For some, the peak years of modern ABC cricket were Maxwell and Kerry O’Keeffe riffing off each other in the late 1990s and 2000s. Of the hundreds of co-commentators he’s worked with, Maxwell opts for O’Keeffe and former Herald cricket writer Peter Roebuck as the most treasured.

O’Keeffe was working for 2UE when Maxwell urged his ABC bosses to recruit the witty, but also deeply knowledgeable, former Test leg-spinner.

“In those days he wasn’t considered to be the ABC type, and all that stuff,” Maxwell said.

“But I said ‘he actually knows the game brilliantly, apart from all the shenanigans and frog jokes and all the rest of it, let’s give him a go’. So that’s how we started and Kerry had 13 years at the ABC. It was a good era.

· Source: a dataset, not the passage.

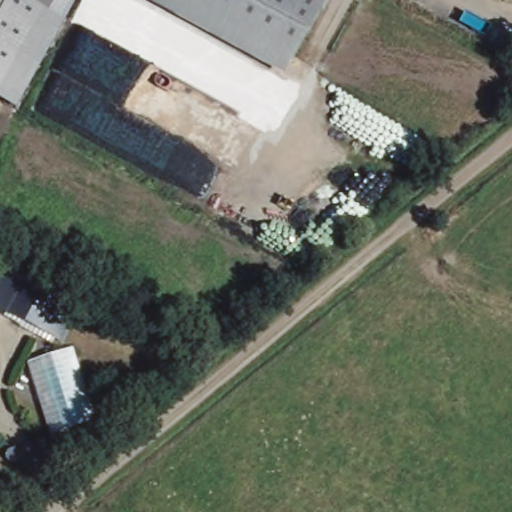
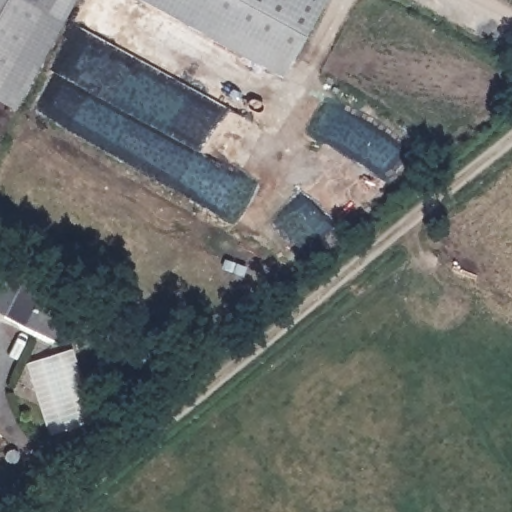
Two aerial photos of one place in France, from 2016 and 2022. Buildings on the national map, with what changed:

They were great years.”

Jim Maxwell on …

The best players he saw at the SCG

You are always connected to the more recent, so you just have to say watching Shane Warne and Glenn McGrath play for Australia was the absolute pinnacle. Two bowlers who consistently put a strangle on the opposition. There has been nothing like it in the history of the game, I am sure.

The amazing duo of Warne and McGrath.Credit: VINCE CALIGIURI

Just behind them was Brian Lara and Sachin Tendulkar, and on our side, Ricky Ponting. Neil Harvey’s footwork, Bob Simpson’s catching at slip. And Gary Sobers was probably the greatest cricketer – total package – that we’ve seen.

The most exciting moment at the SCG

You’d probably have to go for the end of the game – everyone saw it or at least says they saw it – when Michael Bevan won the game (an ODI against the West Indies in 1996) on the last ball.

The most exciting Test series

(Maxwell has to go overseas for this category, opting for a tie between the 2005 and 2023 Ashes series in England)

This year, and that one, have probably been the most exciting to watch. In terms of the unpredictability of the contest. No boring sessions. This year probably moreso than 2005, if you look at all the other stuff going on, Nathan Lyon’s injury, the behaviour of the crowd at Lord’s, Mark Wood at Headingley …

The future of Test cricket

I think it is challenged, providing India stick with the IPL growth. They’ll have their own scheduling challenges, with more IPL franchises and competitions. How do you fit it all into the calendar year? That will be the squeeze for Test cricket – just fitting it in. I think Test cricket, outside the top teams, could struggle to survive because it won’t be viable.

Modern cricket change

McGilvray said when he was near the end, over a beer or whatever, he was asked what’s the difference between the game he was watching and the game he played before the war. He said ‘they’re athletes now’. And that’s only moreso from then to now.

The size of bats and advantage to those wielding them have been a major change in cricket.Credit: AP

So like golf balls, are we going to have rollback in cricket? Seriously, those bats are like trampolines. That’s the biggest change in the game in the last 20-30 years, the size and quality of the firesticks, the bats. These guys today can mishit a six pretty easily.